Memory tricks remember it for good
Traps to avoid
- Deterrence vs defence: deterrence prevents war beforehand by raising its costs; defence operates after war begins to limit or repel it.
- Disarmament vs arms control: disarmament gives up weapons (BWC, CWC); arms control only regulates them (NPT, ABM, SALT, START). The NPT is arms control, not disarmament.
- The NPT did NOT abolish nuclear weapons — it only limited how many states could legally hold them, freezing the club at pre-1967 testers.
- Referent confusion: traditional security secures the state, non-traditional secures individuals/communities/humankind — don't equate the two.
- The UN is not a world government or central authority — it is a 'creature of its members'; the international system is anarchic, so each state secures itself.
- Year mix-ups: NPT 1968, ABM & BWC 1972, CWC 1997, UNDP human-security report 1994, 9/11 in 2001.
Exam focus
🧠 Prelims angles
- Match security treaties to year and purpose: NPT (1968), ABM (1972), BWC (1972), CWC (1997), SALT II, START.
- Classify treaties as disarmament (BWC, CWC) versus arms control (NPT, ABM, SALT, START).
- The 1994 UNDP Human Development Report and the seven components of human security.
- Cold War statistics: ~one-third of post-WWII wars; internal wars >95% of conflicts; twelve-fold civil-war rise (1946–91).
- Recognised Nuclear Weapon States and the pre-1967 cut-off; India's position as an NPT non-signatory.
- Four components of traditional security and the three responses to the threat of war.
✍️ Mains angles GS-II
- Is a purely military, state-centric (traditional) notion of security still adequate, or must it yield to non-traditional/human security?Contrast the referents; weave in terrorism, pandemics, climate and migration; argue the two are complementary, not rivals.

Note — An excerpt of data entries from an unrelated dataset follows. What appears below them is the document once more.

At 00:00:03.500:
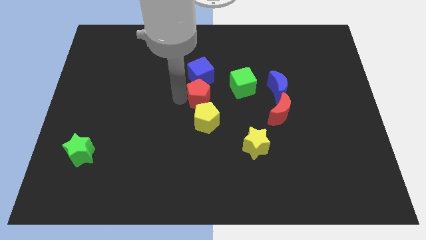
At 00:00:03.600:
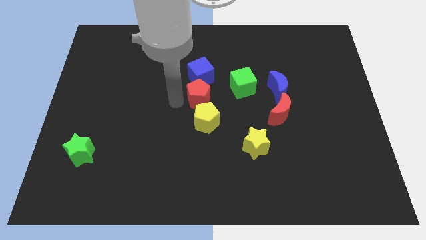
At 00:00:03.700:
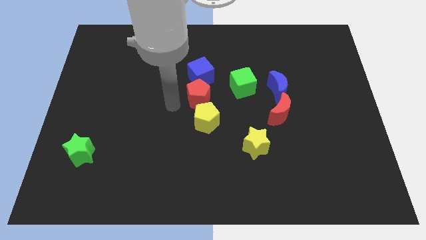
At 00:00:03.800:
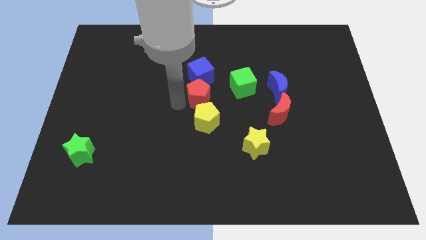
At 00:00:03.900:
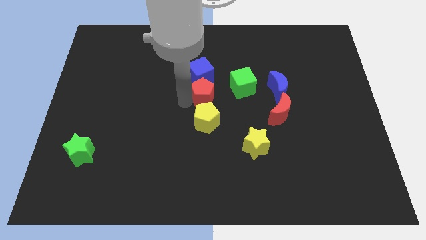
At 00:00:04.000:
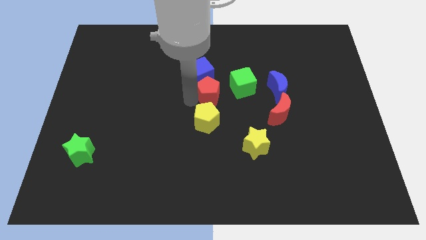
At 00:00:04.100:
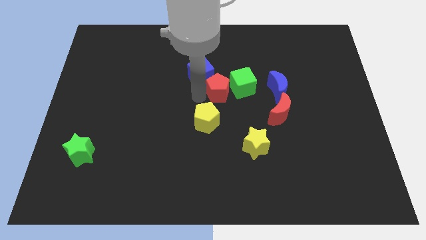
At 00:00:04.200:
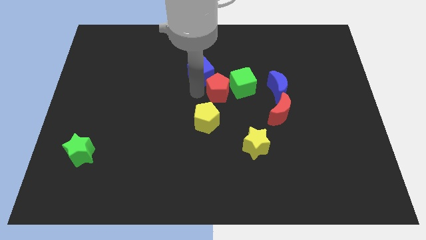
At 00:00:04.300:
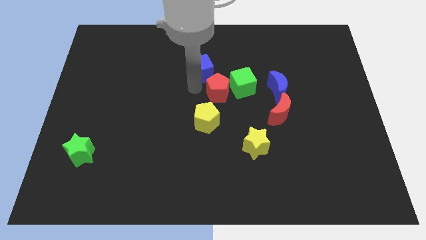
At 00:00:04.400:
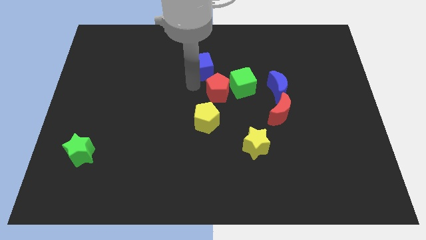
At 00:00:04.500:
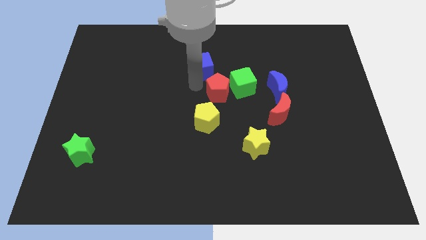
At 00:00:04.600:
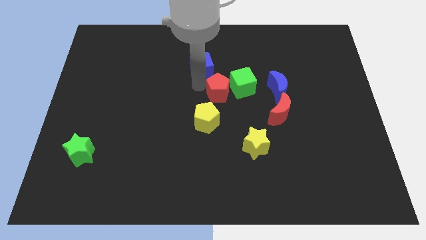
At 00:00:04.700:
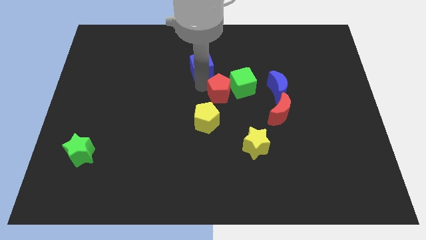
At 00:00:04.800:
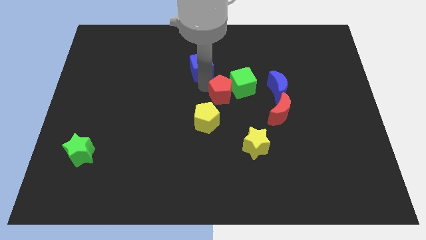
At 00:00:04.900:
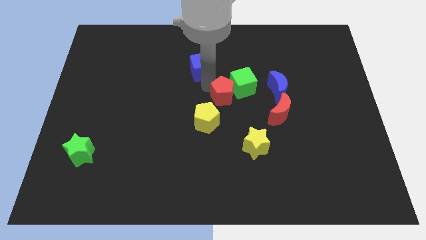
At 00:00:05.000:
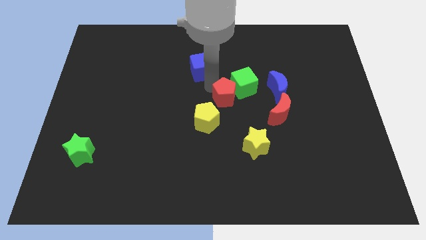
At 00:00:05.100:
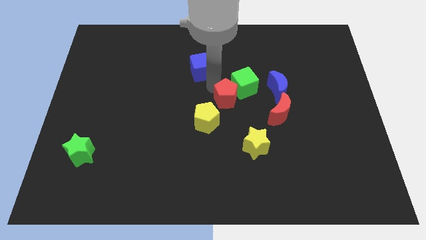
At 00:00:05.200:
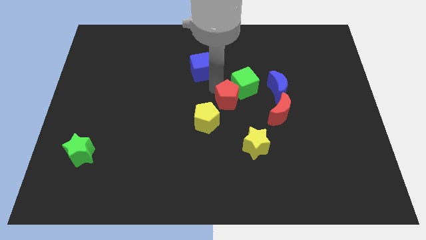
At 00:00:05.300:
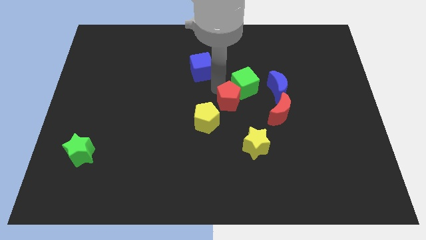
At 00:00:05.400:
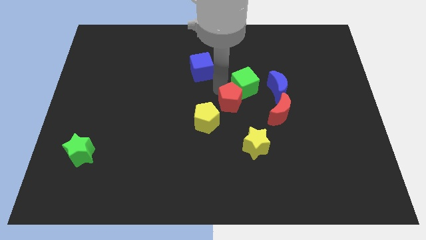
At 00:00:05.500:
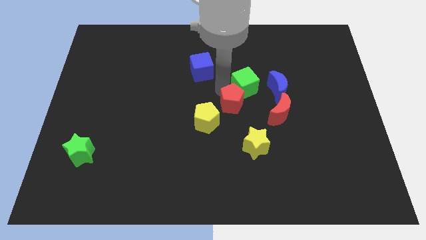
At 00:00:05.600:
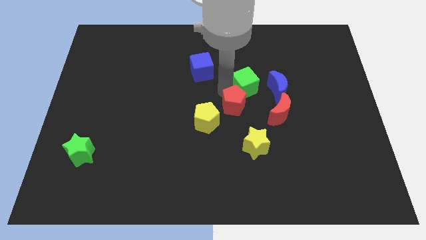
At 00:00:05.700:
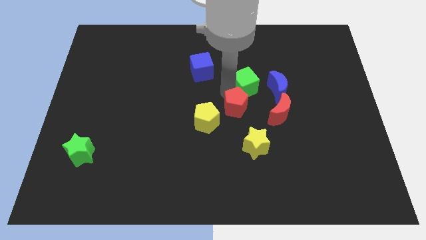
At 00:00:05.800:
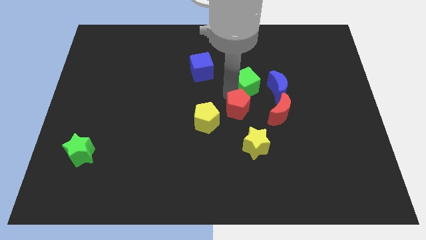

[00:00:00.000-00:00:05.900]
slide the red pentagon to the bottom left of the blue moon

- Evaluate the role of disarmament and arms control in building international security.Distinguish the two; assess BWC/CWC success against the NPT's discriminatory, non-abolitionist design; note India's principled stand.
- The newly-independent states of Asia and Africa faced a dual security burden. Discuss.Combine external (neighbours) and internal (separatism) threats and their merging; support with civil-war data; illustrate with the Global South.
Last-minute revision tick as you recall
- Security = freedom from threats to core values; only extreme, irreparable threats count.
- Traditional security: referent = state; force is both the threat and the remedy.
- Four pillars: deterrence, defence, balance of power, alliance building.
- Deterrence prevents war; defence limits or ends it once begun.
- Disarmament (give up) = BWC '72, CWC '97; arms control (regulate) = NPT '68, ABM '72, SALT, START.
- NPT limited, didn't abolish nukes; froze the club at pre-1967 testers.
- Non-traditional/human security: referent = individuals, communities, humankind; 1994 UNDP HDR.
- Cold War = ~one-third of post-WWII wars; internal wars >95% of conflicts.
- UN is no world government; the system is anarchic — each state secures itself.
Distilled from NCERT Class 12 · Contemporary World Politics for UPSC. Always cross-check facts with the original NCERT.